Епископ, засмеявшись, прервал его:

– Должен сказать вам, граф, что я сегодня не ощущаю себя епископом. Ни в малой степени. За всю мою жизнь я не чувствовал себя епископом в меньшей мере. И кстати сказать, в последнее время сильнее всего пошатнули авторитет Библии именно наши английские духовные лица, предложившие современное ее толкование. Прошу вас, продолжайте!

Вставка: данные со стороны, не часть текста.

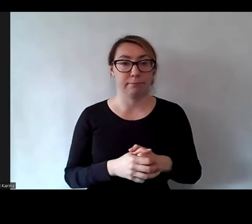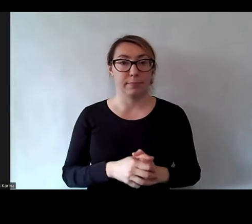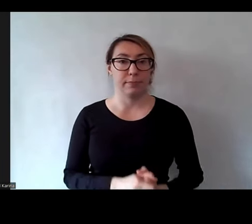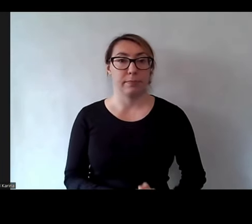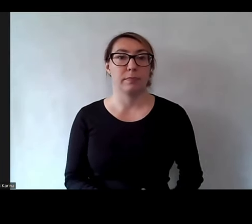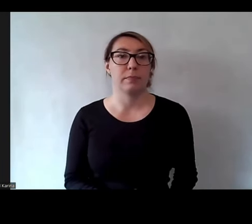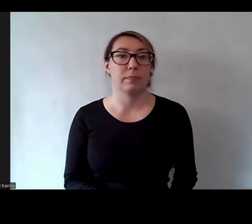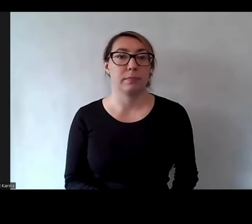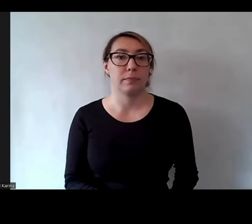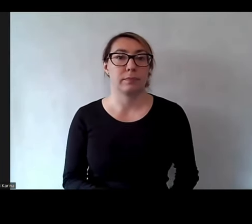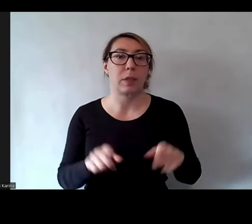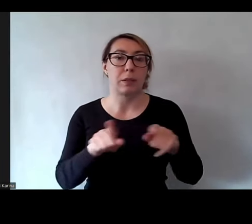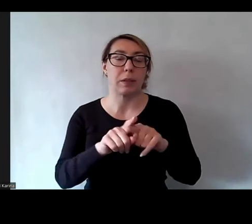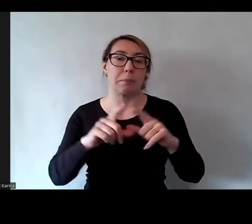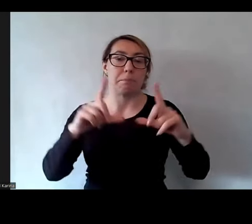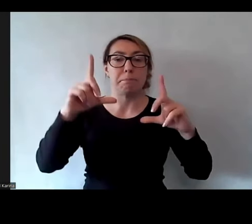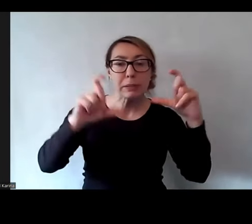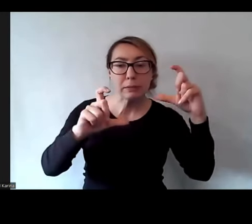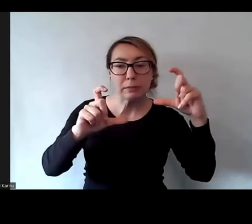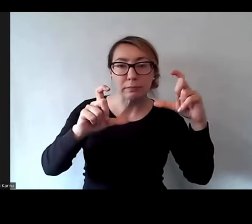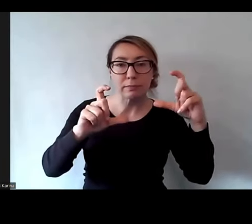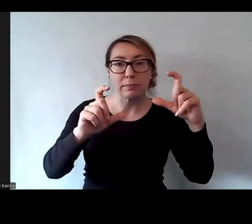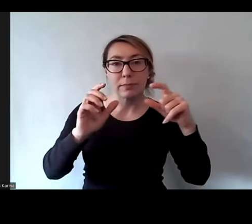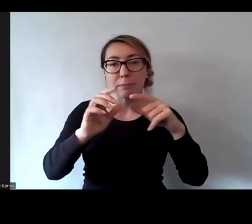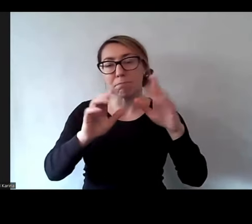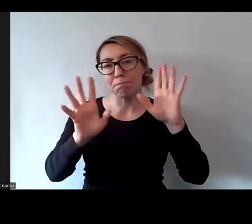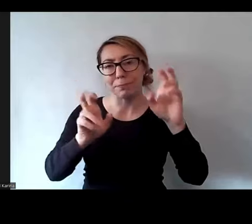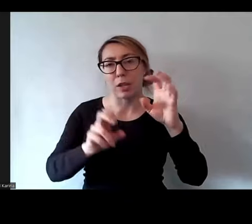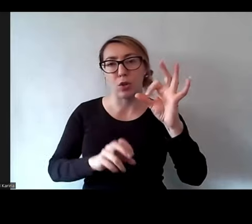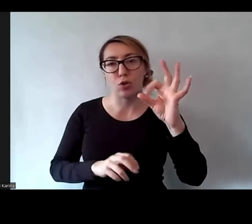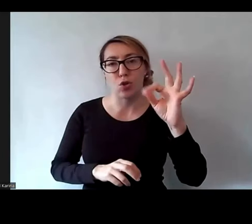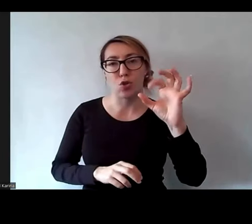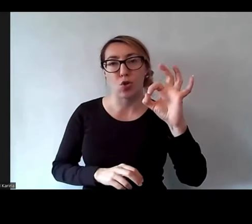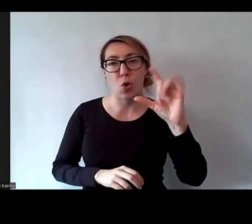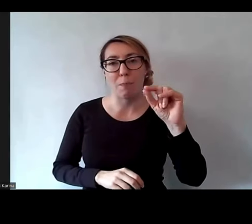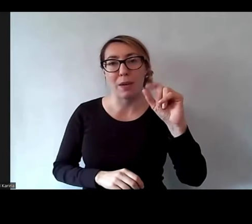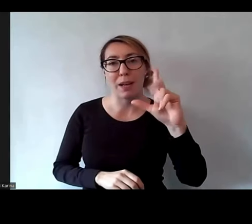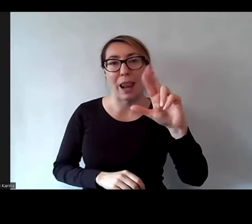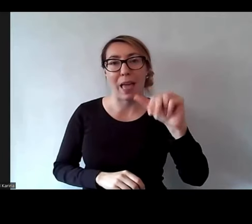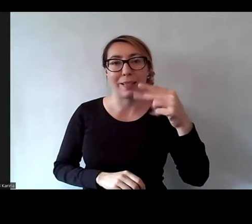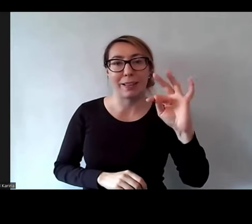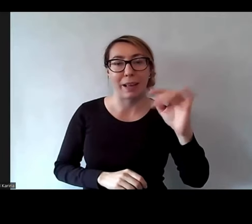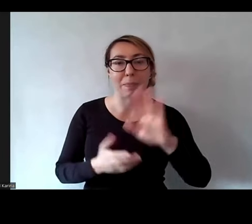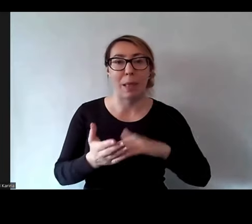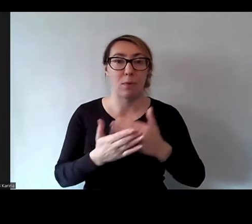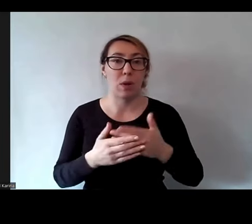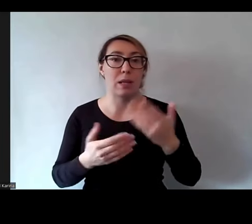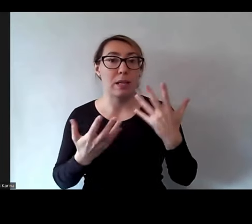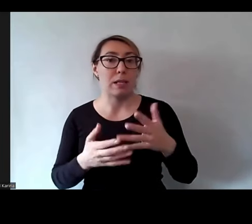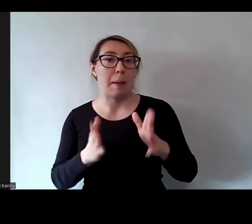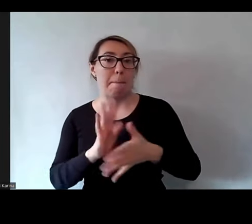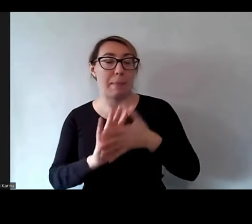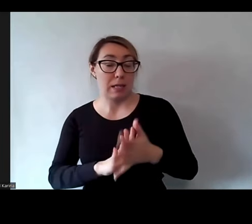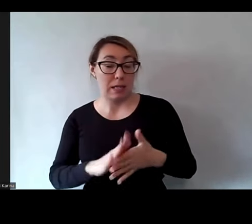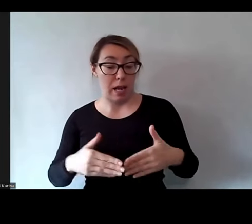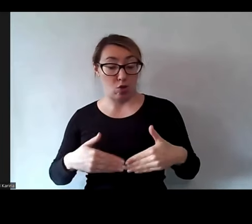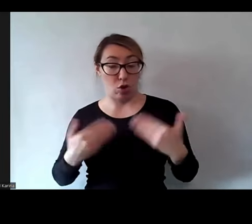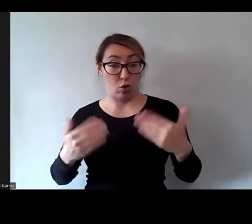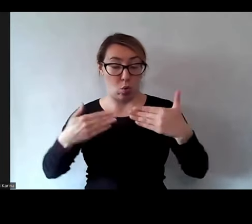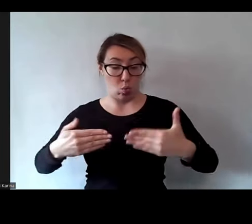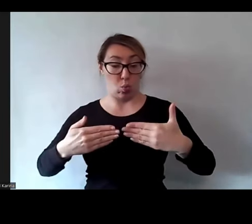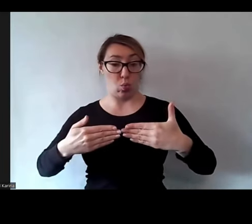stop klatek, o może tak, to nie pamiętam słów. Nie, jak trzeba było zamigać załóżmy dzień, no to było zdjęcie tego
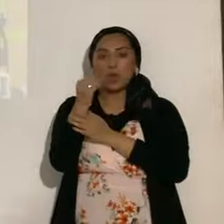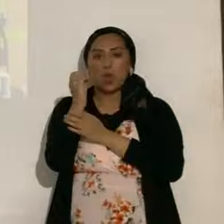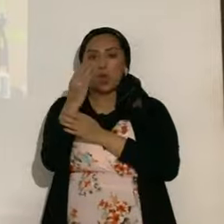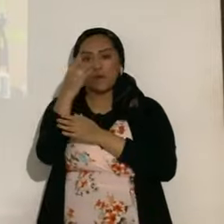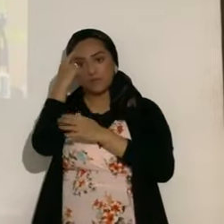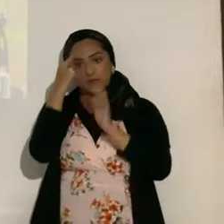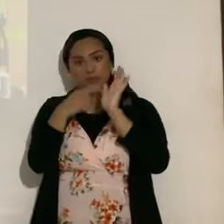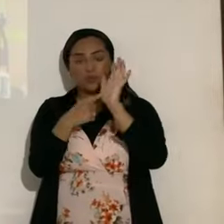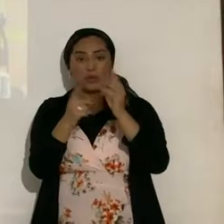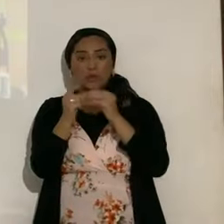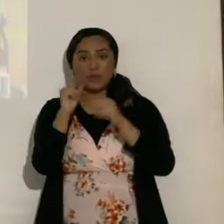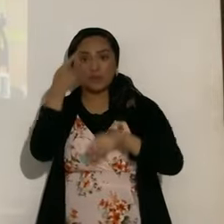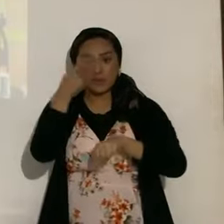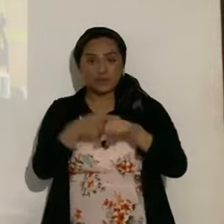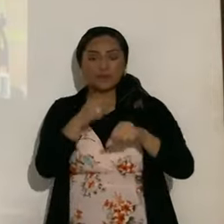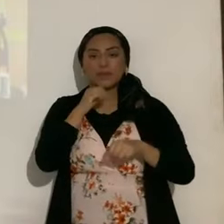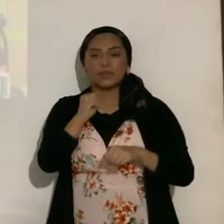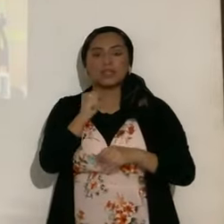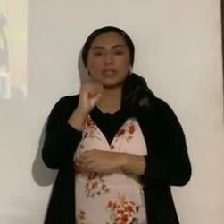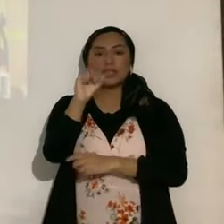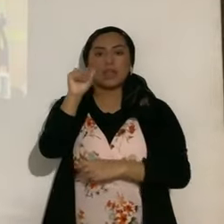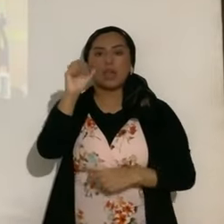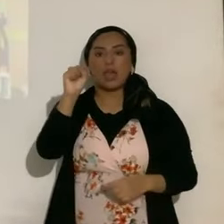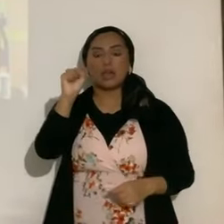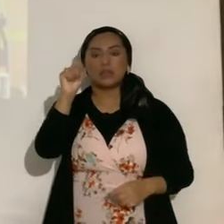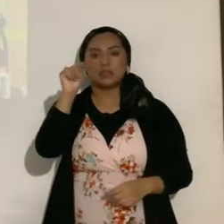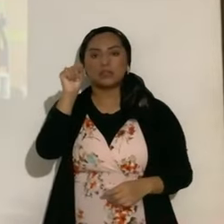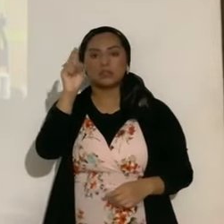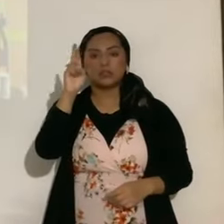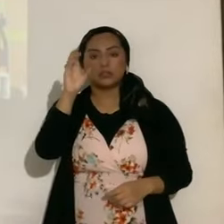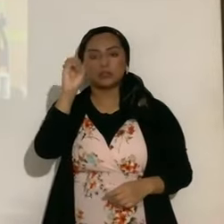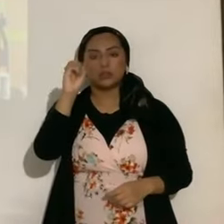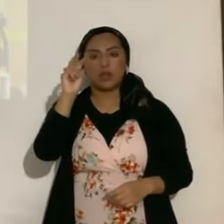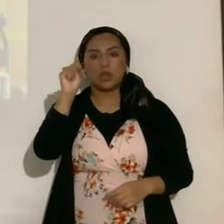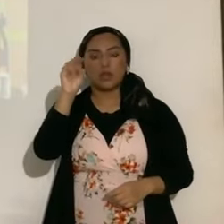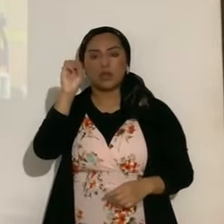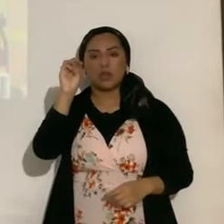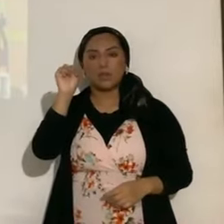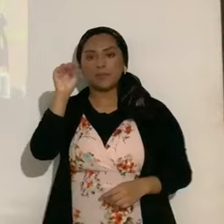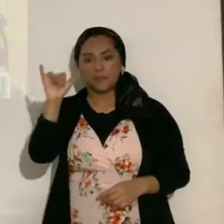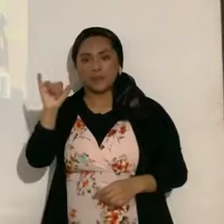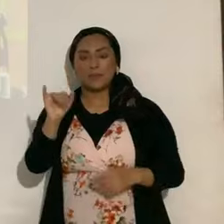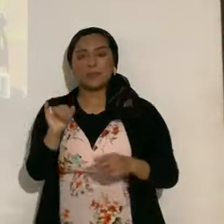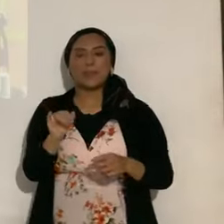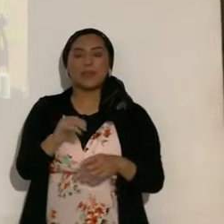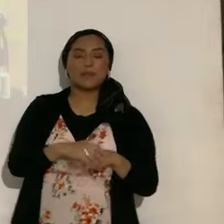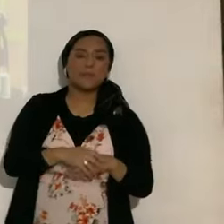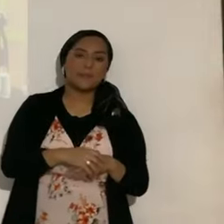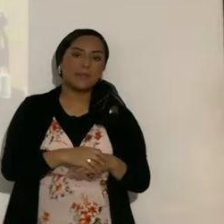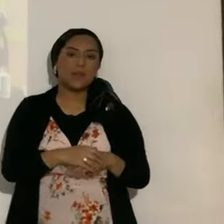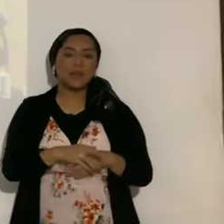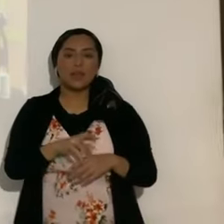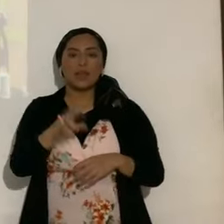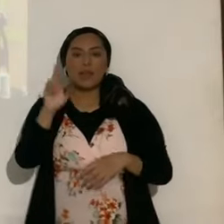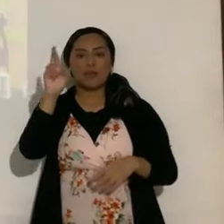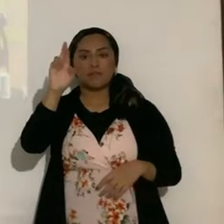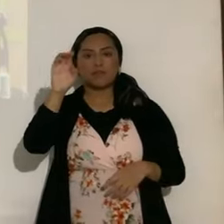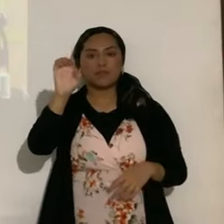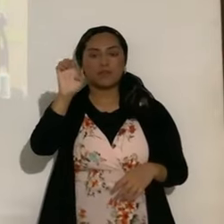una vez más que es astronomía, pero no astrología. De hecho, en Apocalipsis 12, 12, vamos para allá, esto ya está

– По моим представлениям, все дело в различии расовых темпераментов.

– Гот и римлянин?

– Прибегать к подобным терминам не всегда предпочтительно, слишком легко скрыть за ними убогость мысли или запутать вопрос. Но с определенностью можно сказать, что солнце, окрасившее нашу кожу и правящее нашими повседневными привычками, повлияло также на наш облик и взгляды. Почти истерические смены света и мрака, зимы и лета, так сильно отразившиеся в литературе Севера, нам незнакомы. Северные народы – по климатическими или иным причинам – привержены крайностям, так же как их мифы и саги. Библия же это по существу книга крайностей. Документ насилия. Гот или англо—сакс благоволит этой книге, потому что она всегда отвечает его целям. А целям его она отвечает по той причине, что как бы резко ни менялись его настроения, он всегда находит в ней именно то, что ищет – авторитетное одобрение любой разновидности эмоционального поведения, от варварской мстительности до презренного самоуничижения. Единственное, чего он никогда бы в ней не нашел, даже если бы захотел, это призывов к разумной жизни, к поискам интеллектуальной честности и самоуважения, к стремлению держать разум открытым для логики всех пяти чувств. Вот почему в неспокойные Средние века, когда колебания национальной и личной жизни были еще более резкими, и стало быть классическая воздержанность была более чем когда—либо сброшена со счетов, Библия так сильно владела вашими умами. Остальное довершил ваш консерватизм, ваше уважение к существующим установлениям. Нет! Я не могу припомнить ни одного места в Библии, рекомендующего вести воздержанное философское существование, хотя было бы странно, если бы в столь объемистом альманахе не содержалось нескольких здравых суждений. Воздержанность, – заключил он, словно обращаясь к себе самому, – воздержанность! Все прочее – лишь прикрасы.